| SUPPLIED MATERIAL |

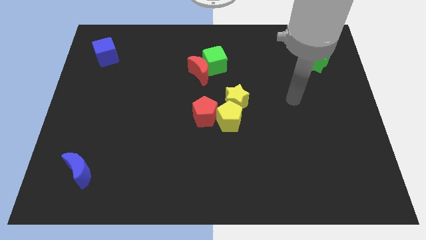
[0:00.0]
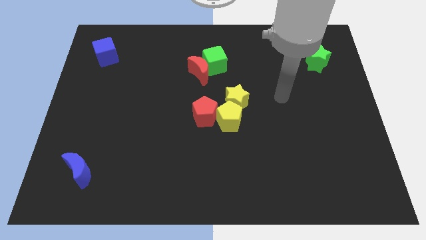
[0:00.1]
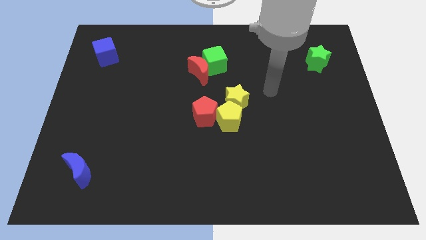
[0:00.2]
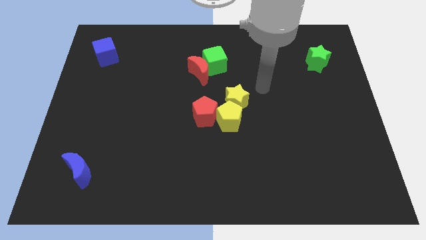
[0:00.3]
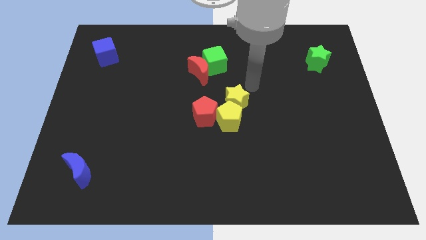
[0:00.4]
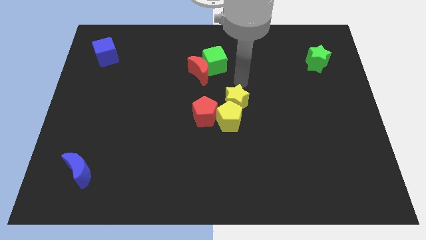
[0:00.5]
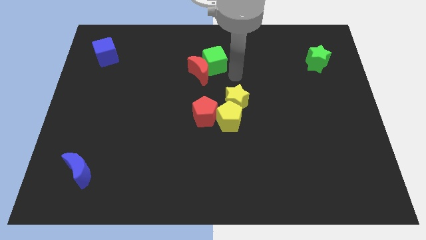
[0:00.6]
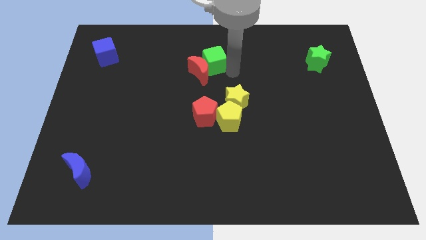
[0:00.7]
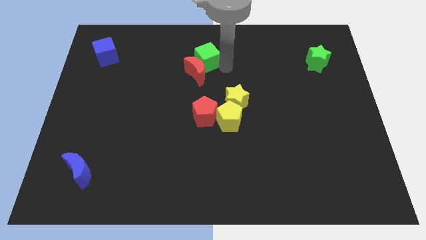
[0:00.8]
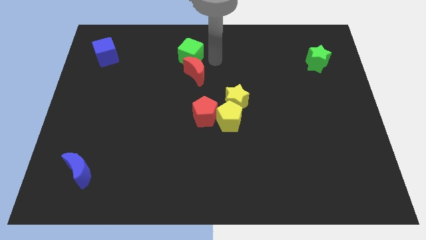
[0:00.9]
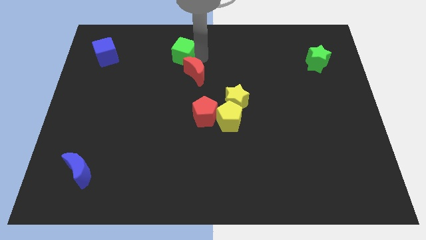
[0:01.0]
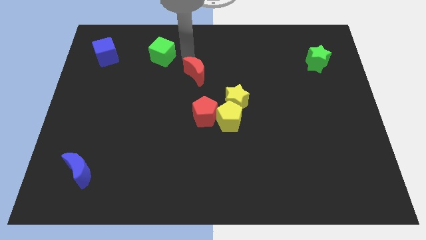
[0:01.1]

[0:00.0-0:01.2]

| PROBLEM DETAILS |
Reproduce each entry exactly as written, but leave out the images.

| EXPECTED ANSWER |
[0:00.0]
[0:00.1]
[0:00.2]
[0:00.3]
[0:00.4]
[0:00.5]
[0:00.6]
[0:00.7]
[0:00.8]
[0:00.9]
[0:01.0]
[0:01.1]

[0:00.0-0:01.2]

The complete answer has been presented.